Brad: Isn’t that what you’d want and expect? If you restart a virtual machine, you’d expect it to have it’s previous state. And firing up multiple copies of a machine with the same state should produce the same output.

Not if you are using it as a way to quickly restart a web server.

In Perl 5, hashes have a randomized element to them, if the attacker finds out what the random seed is they can construct a set of keys that would all have the exact same hashed value. Using that they construct a denial of service GET request. Your site goes down, then comes back up. They send the same GET request, it goes back down. If this is automated, and doesn’t kill the slow instances, you could have a further DoS from having to run hundreds or thousands of instances of the same server.

If you had fully restarted the instance, Perl would have used a different random number. At that point the attacker has to redo all the work to find the random seed, and construct a new list of keys, before he could attack you again.

This is why I recommend anyone who is in anyway exposing Perl to untrusted input to upgrade to at least 5.18 as it has additional randomness that helps reduce the amount of information it leaks. ( I’m only aware of the weakness in earlier versions second hand, but I trust the source.
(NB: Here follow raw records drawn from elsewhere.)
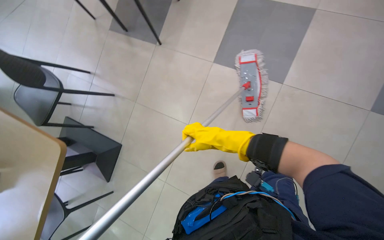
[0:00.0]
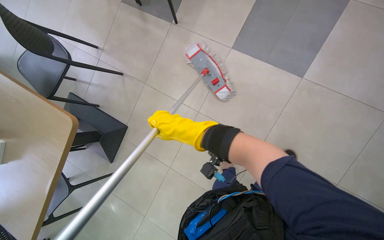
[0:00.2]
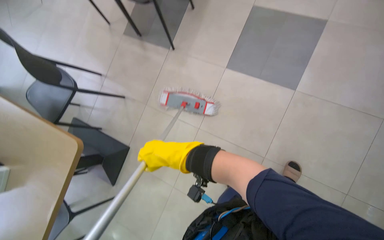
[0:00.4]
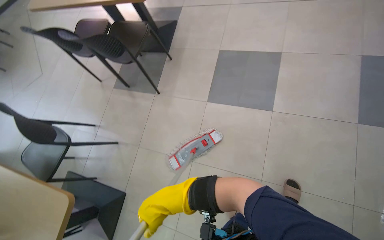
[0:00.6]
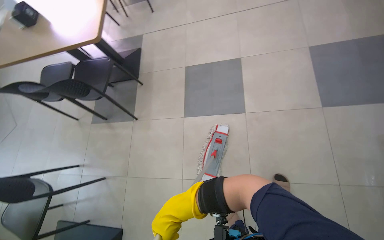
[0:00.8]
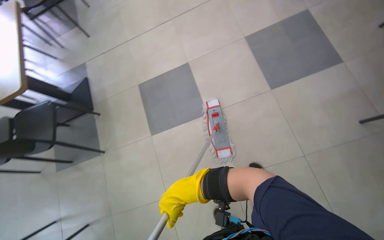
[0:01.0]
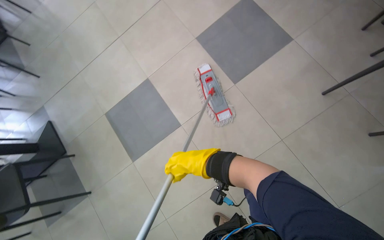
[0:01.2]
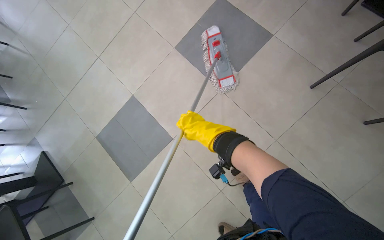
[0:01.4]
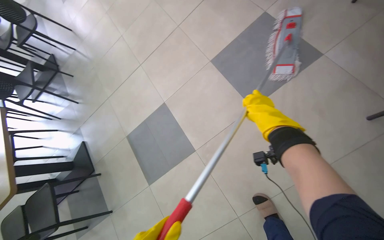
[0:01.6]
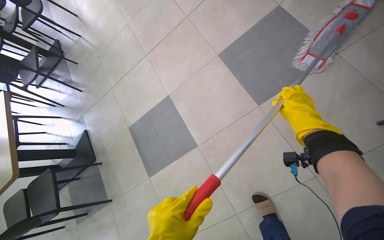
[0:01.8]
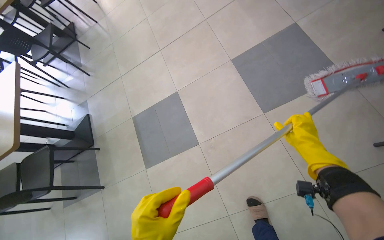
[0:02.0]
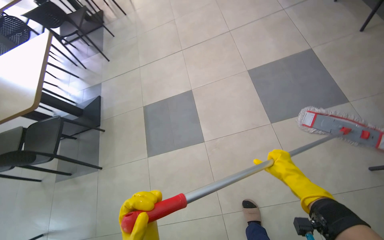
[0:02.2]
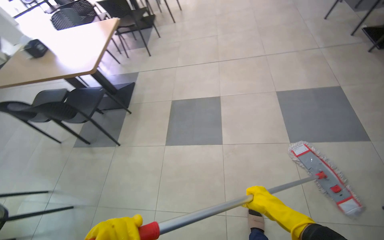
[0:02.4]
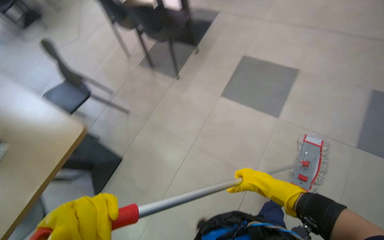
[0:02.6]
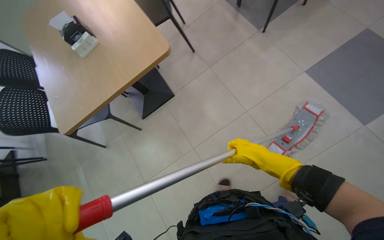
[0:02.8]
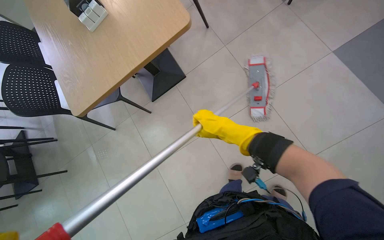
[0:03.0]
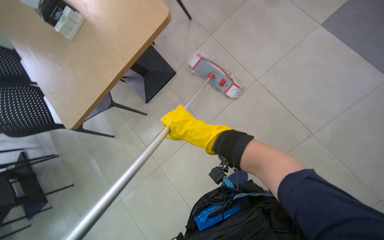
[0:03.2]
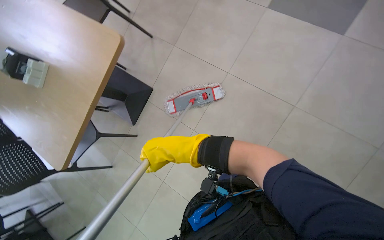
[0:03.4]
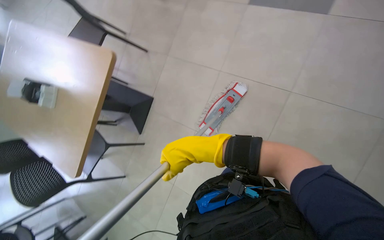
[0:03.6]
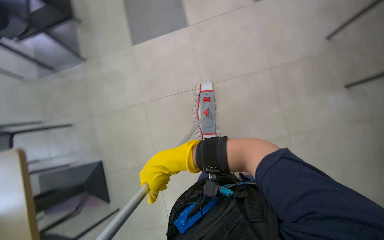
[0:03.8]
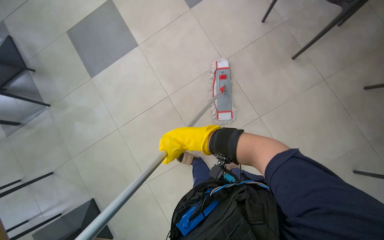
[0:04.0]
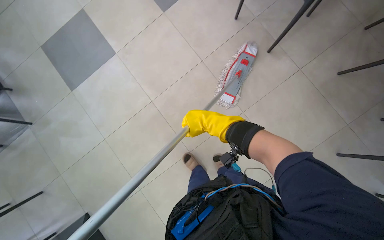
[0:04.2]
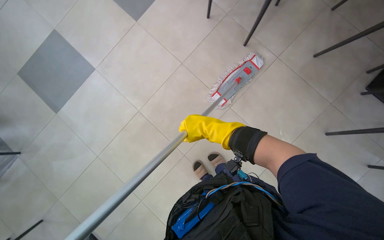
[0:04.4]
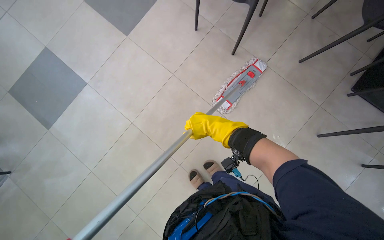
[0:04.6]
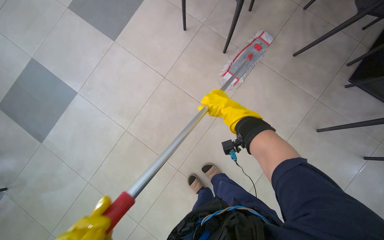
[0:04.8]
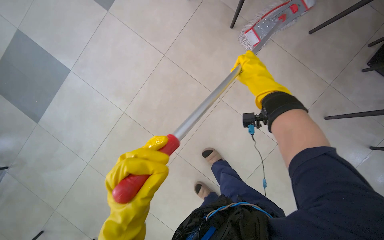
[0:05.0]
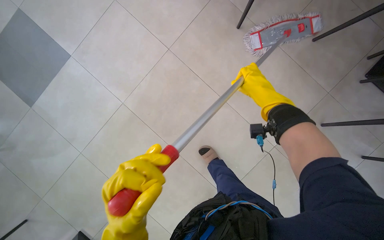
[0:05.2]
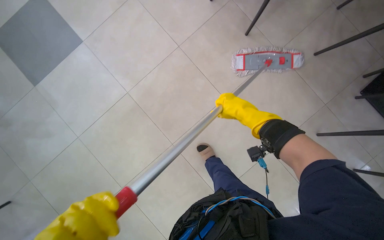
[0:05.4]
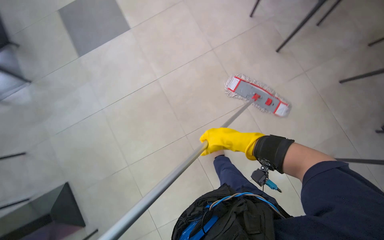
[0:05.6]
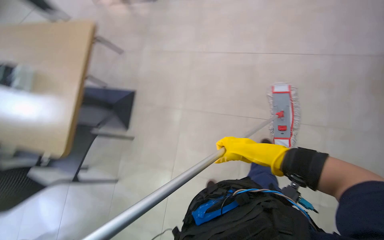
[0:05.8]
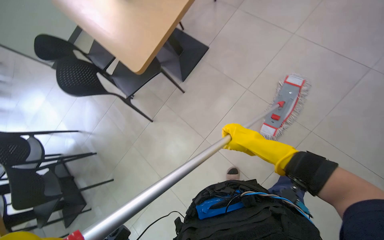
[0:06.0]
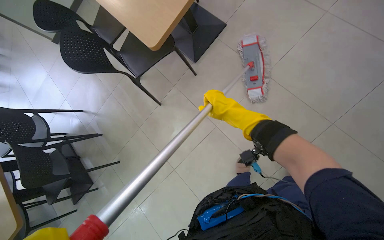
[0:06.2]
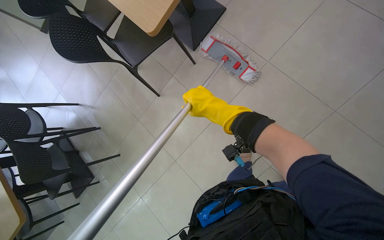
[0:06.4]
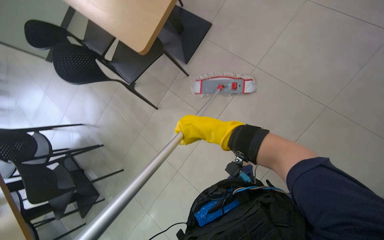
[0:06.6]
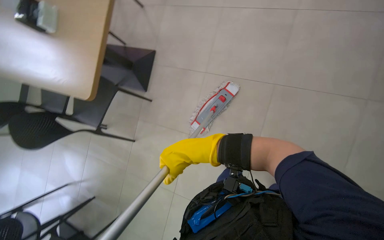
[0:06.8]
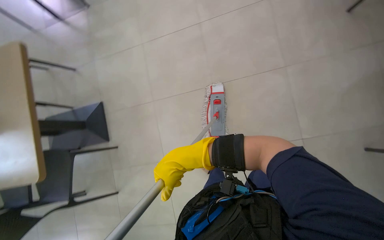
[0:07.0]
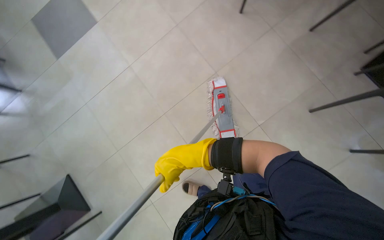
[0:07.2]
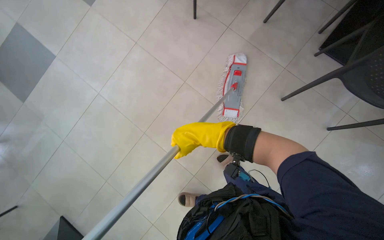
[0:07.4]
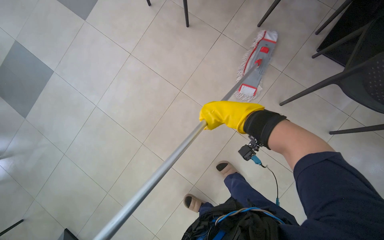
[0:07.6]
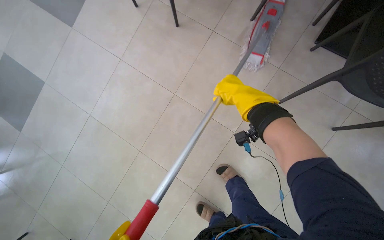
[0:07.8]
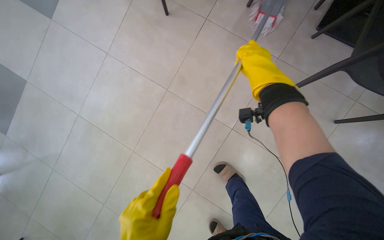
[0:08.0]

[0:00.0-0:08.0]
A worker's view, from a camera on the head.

As people still use outdated versions, the exact details of the leak aren’t likely to be made public any time soon )

The 5.18 change also randomizes each hash separately, instead of all hashes together, which may help to make the above attack harder to do.

see http://perldoc.perl.org/perlsec.html#Algorithmic-Complexity-Attacks

the link at the bottom is broken try https://www.usenix.org/conference/12th-usenix-security-symposium/denial-service-algorithmic-complexity-attacks

There is a talk from C3 inspired by the first such change all the way back in 5.8.1 (2003), and how after almost ten years after the problem was first found, it was still in other languages.

see https://lwn.net/Articles/474912/ for that, There is a video, but I can’t find it right now.

Hi John!

Out of curiosity: I wonder, what are your thoughts on the following (Mersenne Twister seeding pitfalls): http://www.pcg-random.org/posts/cpp-seeding-surprises.html

I would recommend _not_ using subsequent seed values for multiple threads. This is not guaranteed to work (although it might), whereas sampling random seed values _without replacement_ should always work. I wrote a small post about this in RPubs: http://rpubs.com/Jouni_Helske/225931

Your random sampling without replacement could conceivably produce consecutive seeds, so I don’t see how the former could be guaranteed to work but not the latter.

Oh yeah, fair point, I completely forgot to think about that. Still, I’d argue that the effect of having few unlucky threads with consecutive seeds is better than all being consecutively seeded.

Of course from a practical perspective (when you actually do something with the random variables) using a latest Mersenne-Twister with consecutive seeds is probably good enough, and actually when I checked the same example using std::mt19937 in C++ I saw no autocorrelations at all. The implementation used in R seems to be the older one where it is known that there exists some problems with seeding.

But thank you for the blog post and reply, this got me thinking about the seeding more (/too?) carefully!